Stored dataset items
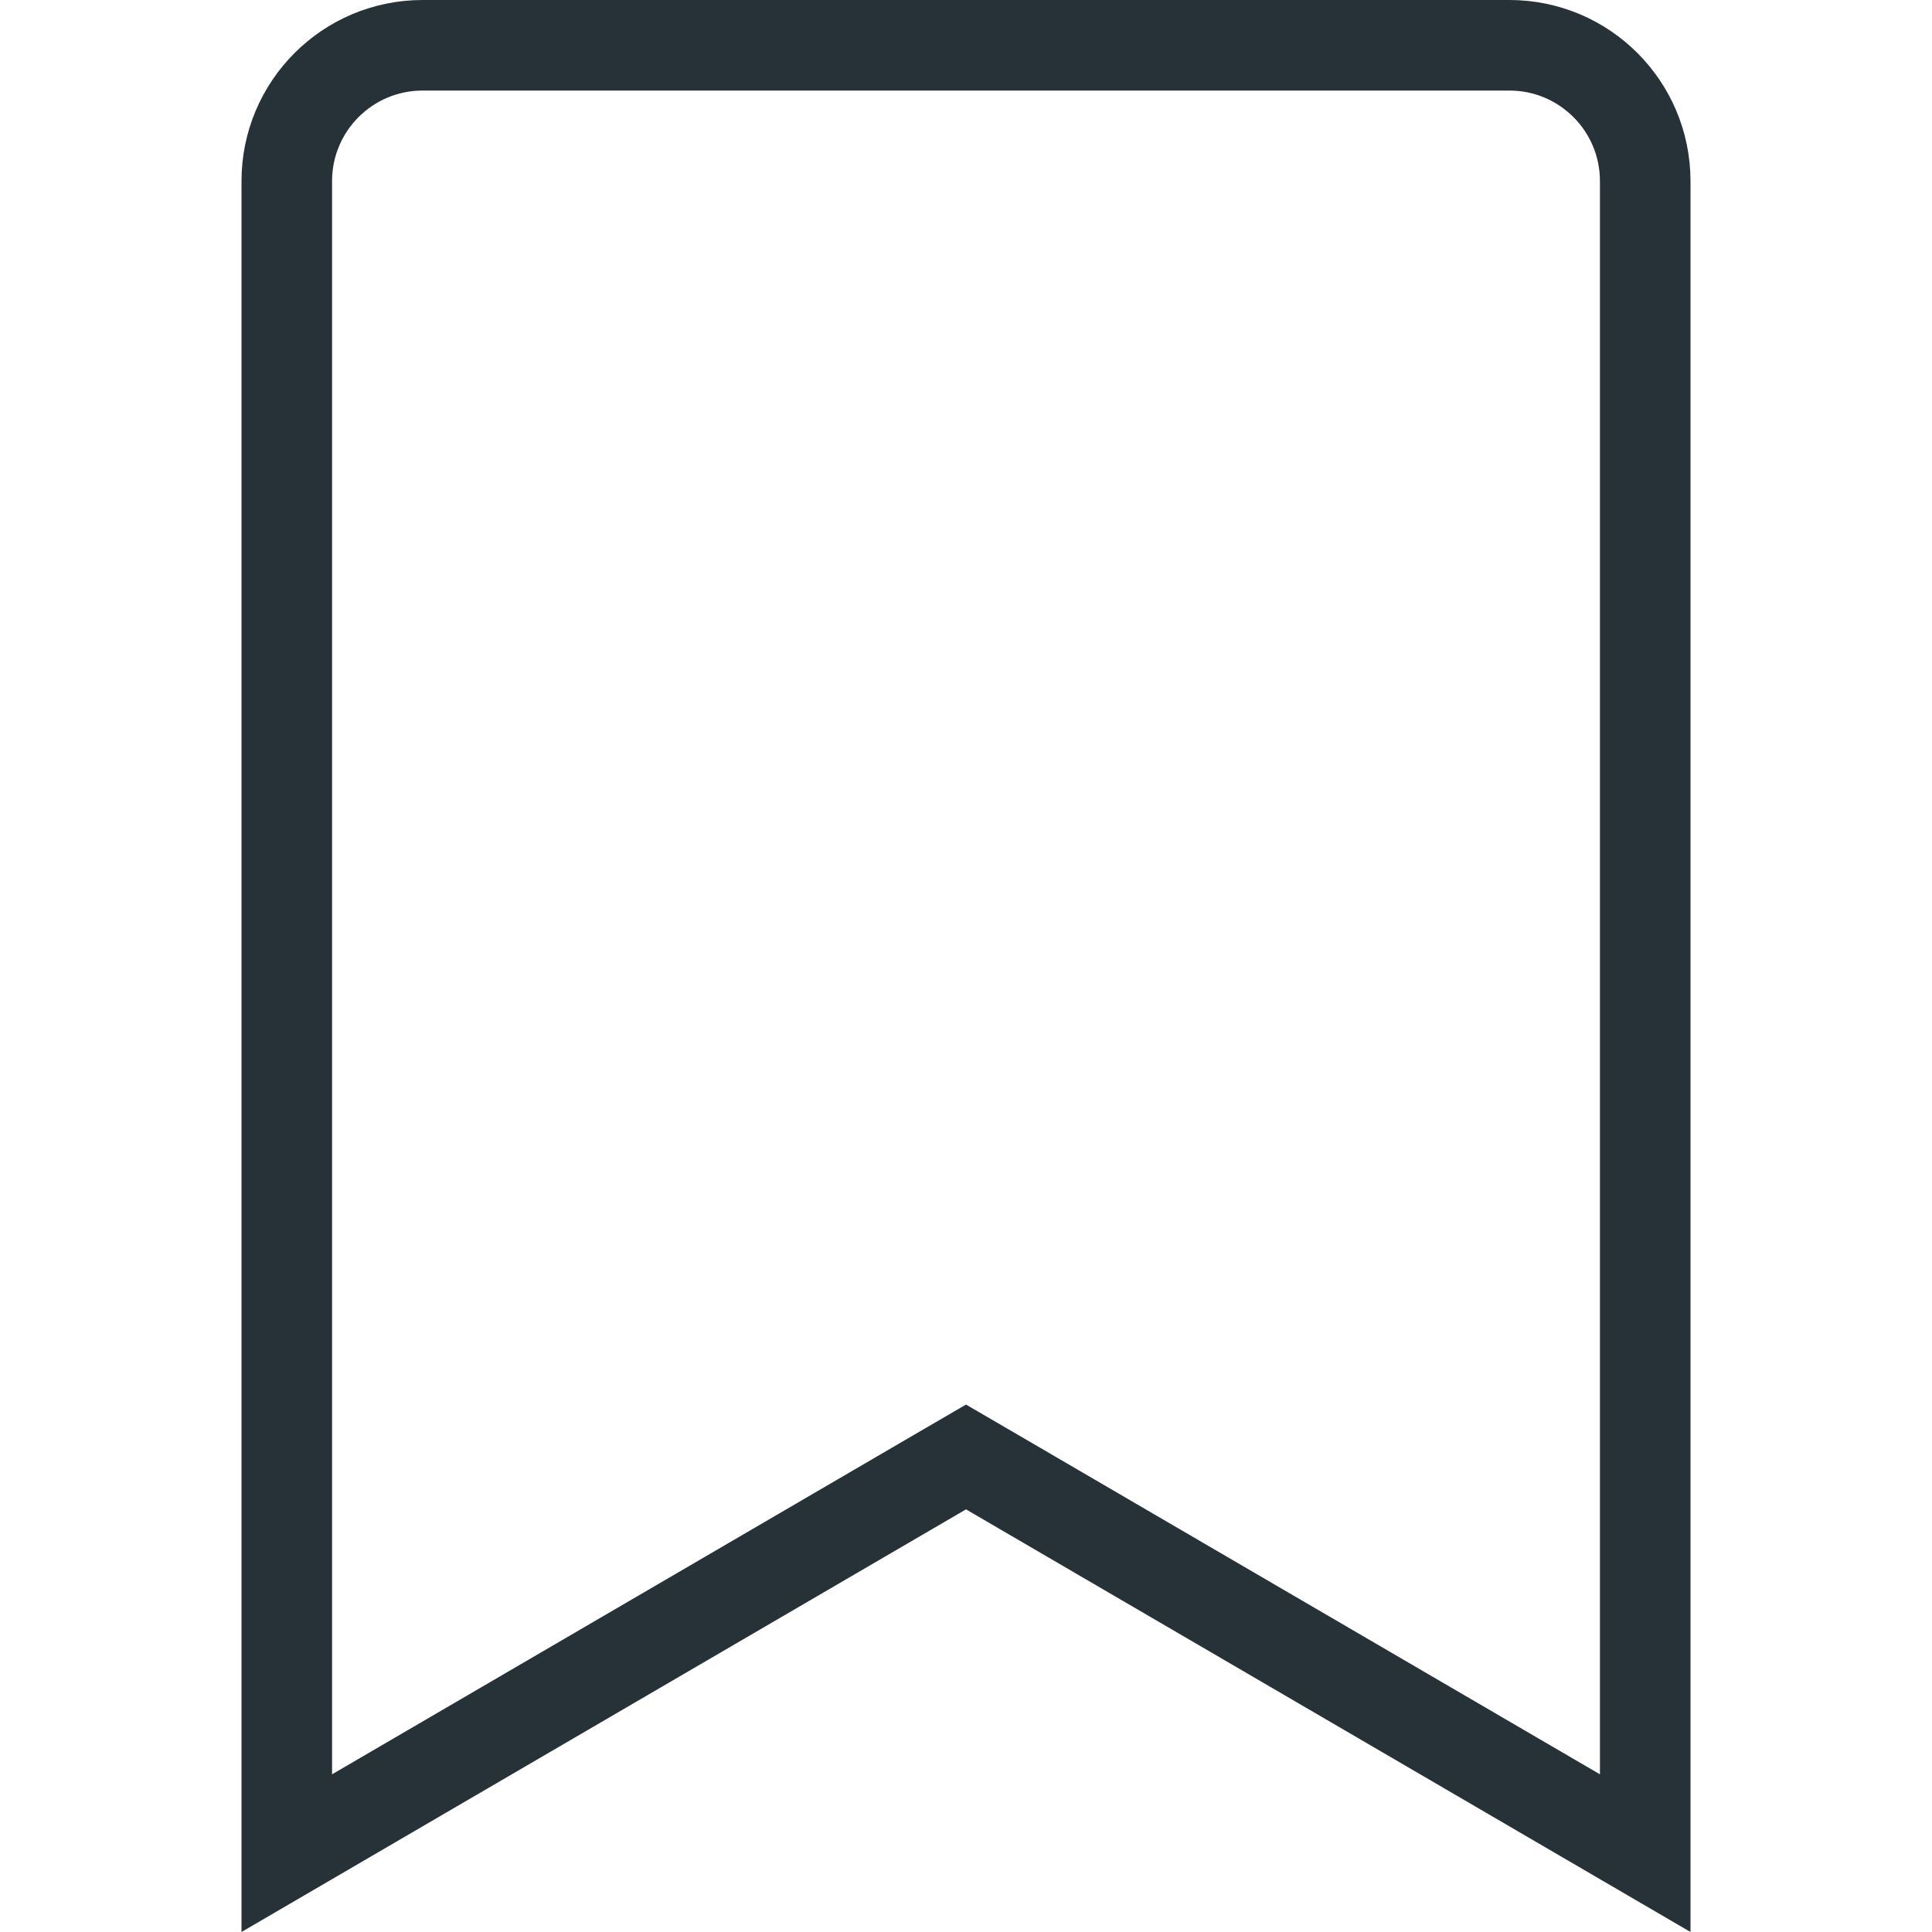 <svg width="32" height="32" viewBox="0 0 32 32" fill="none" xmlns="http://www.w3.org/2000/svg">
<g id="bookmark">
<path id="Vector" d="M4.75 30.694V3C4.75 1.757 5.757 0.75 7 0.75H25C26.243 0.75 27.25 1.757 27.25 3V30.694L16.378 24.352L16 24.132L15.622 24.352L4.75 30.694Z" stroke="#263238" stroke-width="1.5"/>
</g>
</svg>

- _DIRECTIONS FOR THIS TASK_
An exact copy of the lines from the one with "30.694V3C4.75 1.757 5.757" to the final line of the entries is all that the answer should hold.

- _RESULT FOR THIS TASK_
<path id="Vector" d="M4.75 30.694V3C4.75 1.757 5.757 0.75 7 0.75H25C26.243 0.75 27.25 1.757 27.25 3V30.694L16.378 24.352L16 24.132L15.622 24.352L4.75 30.694Z" stroke="#263238" stroke-width="1.5"/>
</g>
</svg>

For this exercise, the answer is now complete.